Exceptional customer service must begin with a well-oiled internal system.

So how do we make sure that our systems and processes are aligned with what our customers need and want?

Here are three of the many important factors that we have to consider.

As we open the New Year, we all wish to do better with our businesses. We know that one of the more important factors to put focus on is customer service.

In our earlier post, we defined customer service as the total customer experience with our brands.

Customer service is a practice that ensures our customers experience unique and personalized connection with our products and services from the beginning until the end of every transaction. It is how we develop our consumers’ personal relationship with or brands.

As we have suggested, customer service is how we design our consumers’ journey from information gathering, purchase, and post purchase, to be as easy as possible, as pleasant and productive as possible.

The question now is, how do we develop good customer service in our businesses?

The answer could be this: customer service begins with a customer focused system.

So how do we make sure that our systems and processes are aligned with what our customers need and want?

Here are three of the many important factors that we have to consider:

1. Build in the right features that are relevant to the customers

To our customers, the primary reason why they do business with us is for them to be able to address their specific concerns. In the supermarket, they choose our brand over an ocean of other brands along the aisle; they remember our home delivery numbers or choose to key in our websites, among the many options that they have. For a reason: they perceive our products to be the solution to their pressing needs.

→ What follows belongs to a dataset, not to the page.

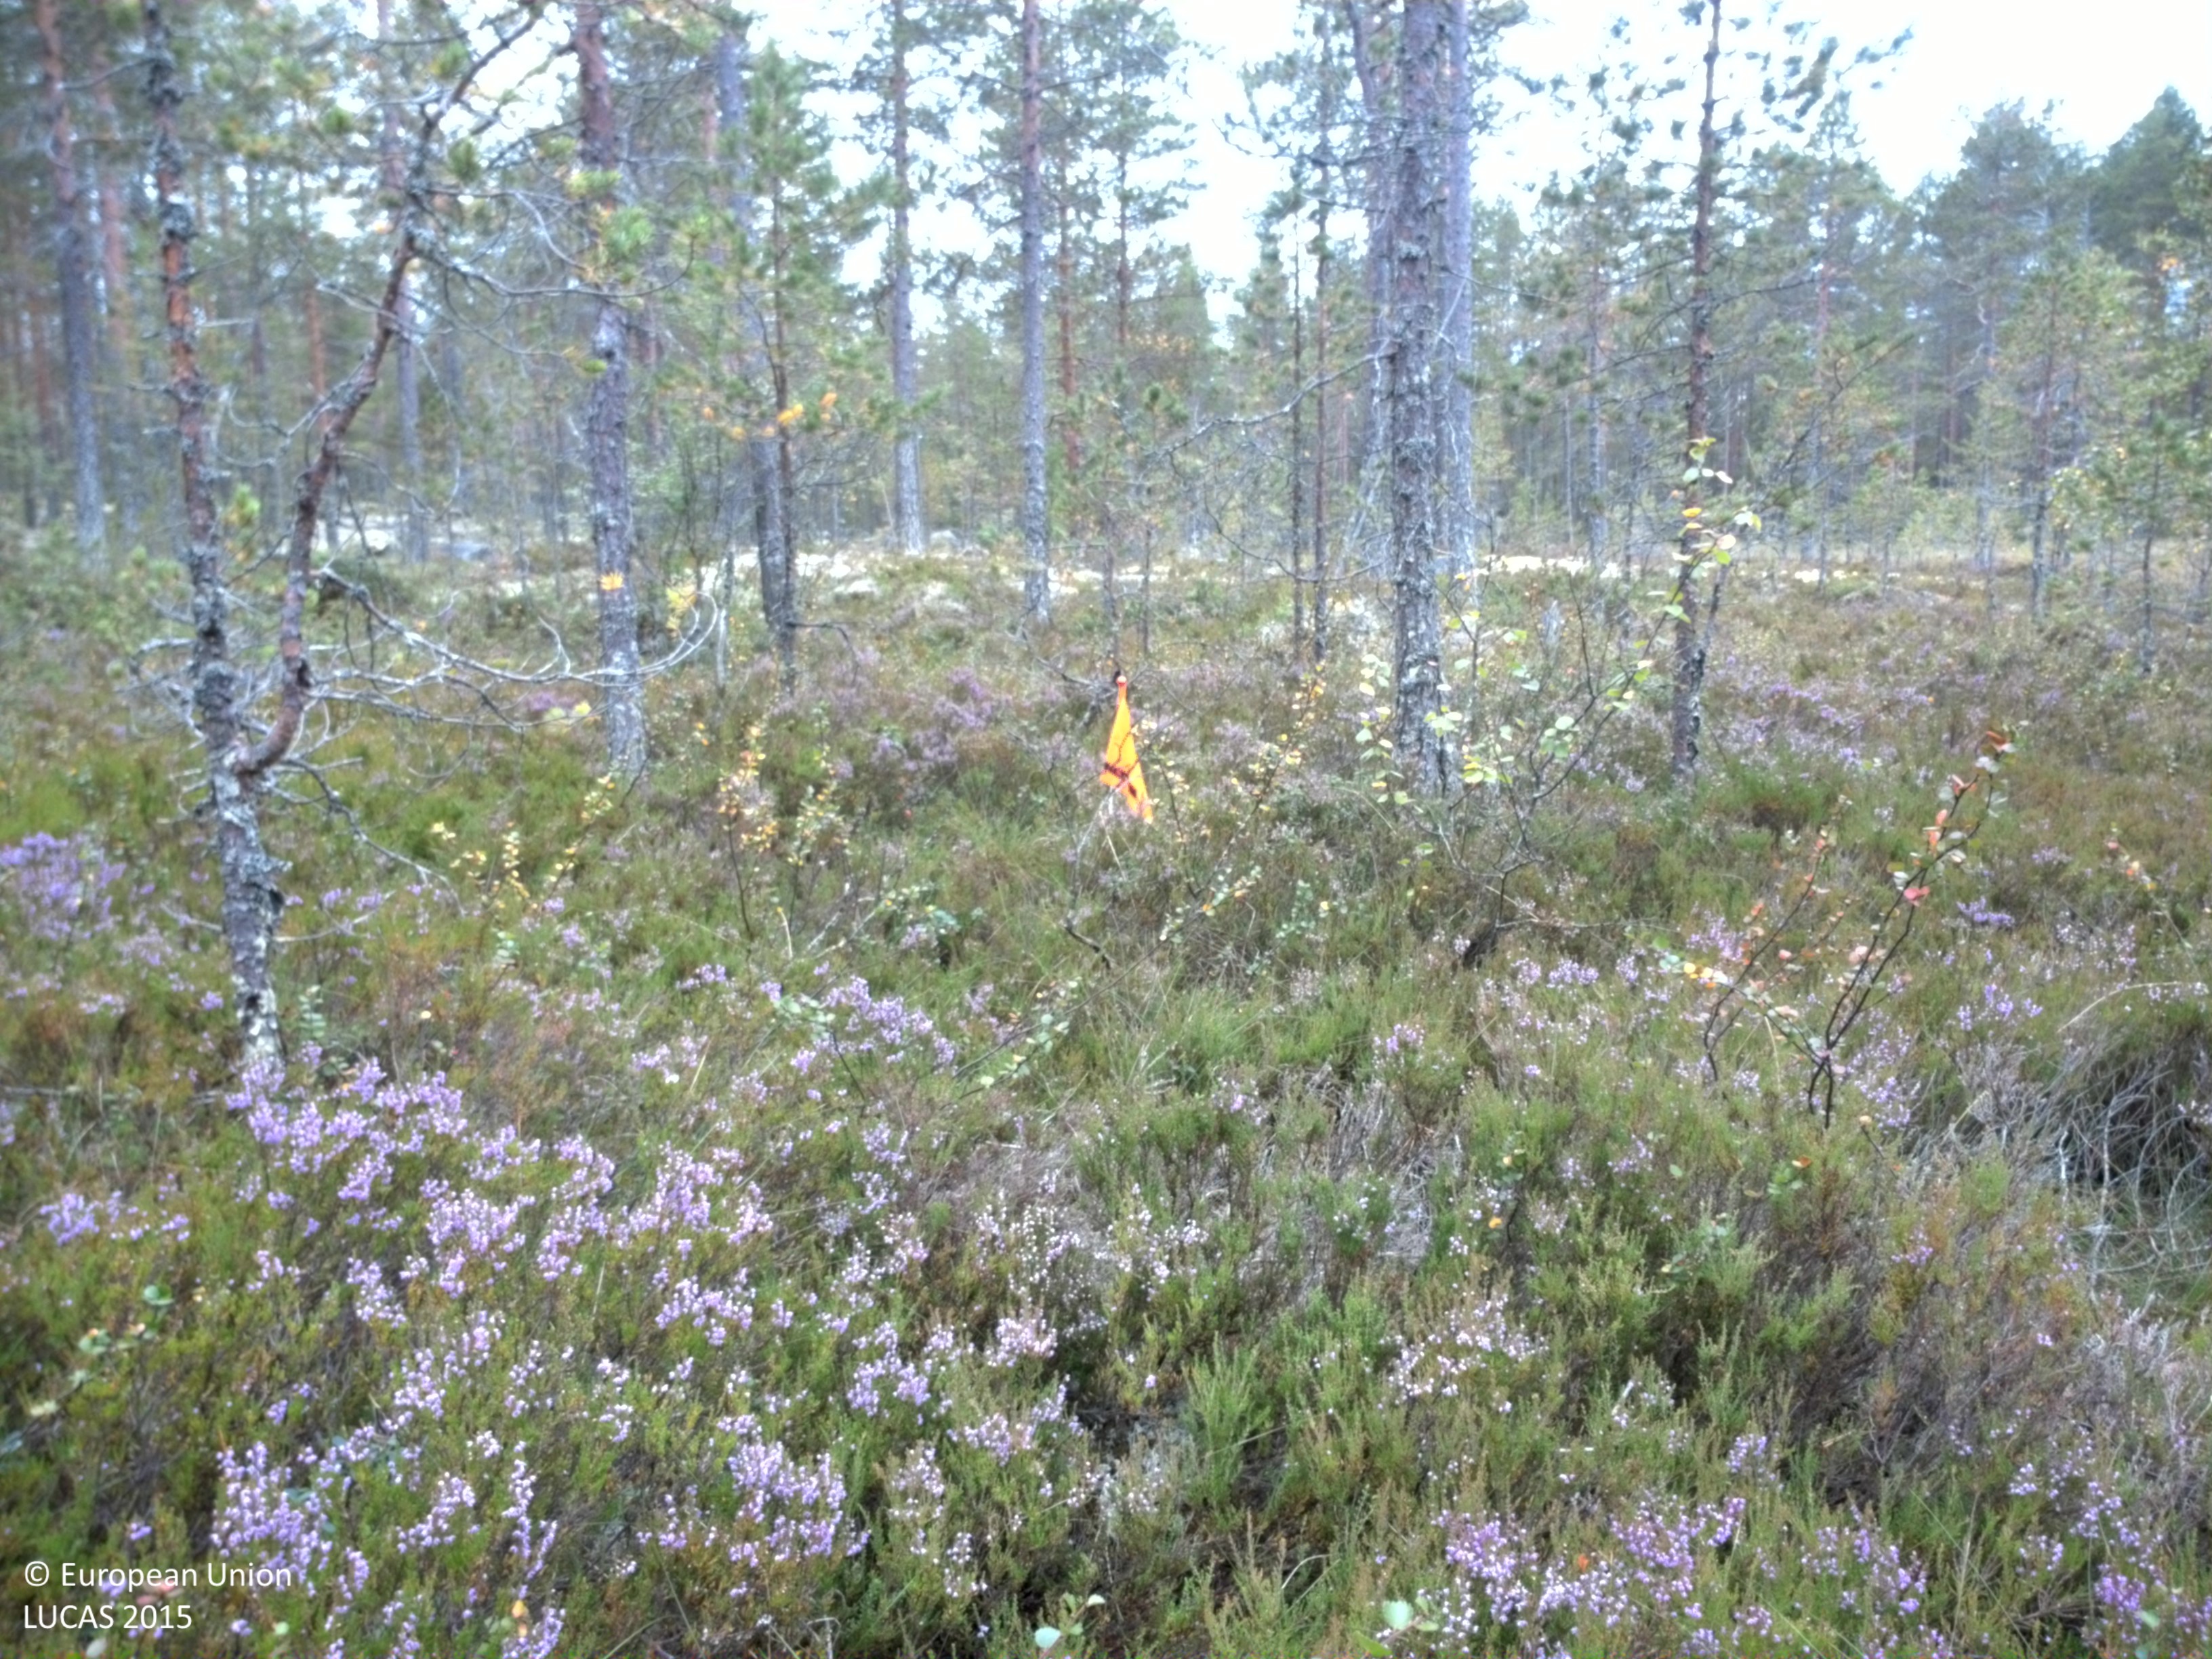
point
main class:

Customers only willingly do businesses with the brands that they trust and have grown to be in love with. They rarely do business with cold and distant strangers.

Trust and love, are products of repeated pleasant customer experience. Pleasant customer experience is determined by the quality of products and services that we provide them. Relevant and pertinent quality that we provide to our customers establish brand affinity.

Relevant quality, more importantly, determines our level of service to our customers. This includes product value, ease of use, and product/service experience. Relevant quality means building in product and service features that are most important to the buyers, not necessarily what we deem as important.

We should not forget the fact that we do not just sell hammers – we sell solutions. It may be to help build a dream house, put together a little girl’s doll house, or help build a young man’s dream of opening a neighborhood store.

Or maybe, if we are in the airline business, we do not only satisfy the need to travel but we provide for our customers opportunities to discover a whole new wide world, of opening doors in a new land, or maybe coming home and reunite with loved ones.

By designing our products and services to provide relevant and quality solutions, we must consider how they are to be used. We must understand how our consumers intend to use the product. This establishes the groundwork for good customer service.

Doing this involves everyone in the organization from research and development, marketing, sales, finance, and operations.

2. Always be reliable

Customer trust and love as we said are synonymous to good business. And being faithful to this relationship means being dependable in all situations.

Businesses and brands are being relied on by customers in their times of needs – and these needs exist 24/7. This is why, service reliability is important to them.

Reliability means delivering our goods and services as specified and promised in our marketing materials and in the standard spiels of our sales people. No short-changes, no under-delivery.

Reliability is often required in the hospitality business. This is also true for service intensive brands in various categories such as finance, health, transportation, telecommunications, leisure, and even entertainment.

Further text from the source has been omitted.